Repeat verbatim, and only, the lines of the data below, beginning at the line that contains "200 Incredible Moments Caught on CCTV Camera" and stopping after the line that contains "Saving the little".
:::::
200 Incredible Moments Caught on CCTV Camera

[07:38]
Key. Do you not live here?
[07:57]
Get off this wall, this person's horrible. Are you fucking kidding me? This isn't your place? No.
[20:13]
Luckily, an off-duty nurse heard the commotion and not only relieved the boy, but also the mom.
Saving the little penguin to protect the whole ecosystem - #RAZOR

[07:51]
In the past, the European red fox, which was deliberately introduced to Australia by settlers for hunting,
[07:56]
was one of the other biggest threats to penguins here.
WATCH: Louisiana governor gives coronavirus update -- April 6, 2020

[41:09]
:::::
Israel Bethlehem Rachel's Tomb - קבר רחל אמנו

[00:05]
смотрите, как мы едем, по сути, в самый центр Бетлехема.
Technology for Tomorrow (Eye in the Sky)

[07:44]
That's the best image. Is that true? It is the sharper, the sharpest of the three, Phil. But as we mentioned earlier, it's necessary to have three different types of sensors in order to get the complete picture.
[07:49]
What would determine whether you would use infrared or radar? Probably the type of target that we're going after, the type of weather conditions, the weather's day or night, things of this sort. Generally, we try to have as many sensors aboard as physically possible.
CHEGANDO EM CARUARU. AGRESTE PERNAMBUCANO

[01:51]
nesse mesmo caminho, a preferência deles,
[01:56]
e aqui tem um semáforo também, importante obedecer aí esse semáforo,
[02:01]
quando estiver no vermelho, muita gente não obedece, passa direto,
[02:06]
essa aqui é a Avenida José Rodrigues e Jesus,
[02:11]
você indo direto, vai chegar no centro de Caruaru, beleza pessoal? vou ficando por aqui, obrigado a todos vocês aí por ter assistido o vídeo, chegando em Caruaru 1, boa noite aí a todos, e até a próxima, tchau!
:::::
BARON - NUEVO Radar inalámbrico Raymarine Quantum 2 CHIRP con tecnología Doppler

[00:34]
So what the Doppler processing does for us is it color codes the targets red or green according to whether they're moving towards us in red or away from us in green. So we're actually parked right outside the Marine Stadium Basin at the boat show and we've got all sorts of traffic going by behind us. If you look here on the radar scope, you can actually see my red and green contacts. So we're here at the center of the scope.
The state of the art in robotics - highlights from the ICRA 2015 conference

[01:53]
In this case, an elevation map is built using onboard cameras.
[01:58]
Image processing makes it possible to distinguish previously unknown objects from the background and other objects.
:::::
Answer >>
200 Incredible Moments Caught on CCTV Camera

[07:38]
Key. Do you not live here?
[07:57]
Get off this wall, this person's horrible. Are you fucking kidding me? This isn't your place? No.
[20:13]
Luckily, an off-duty nurse heard the commotion and not only relieved the boy, but also the mom.
Saving the little penguin to protect the whole ecosystem - #RAZOR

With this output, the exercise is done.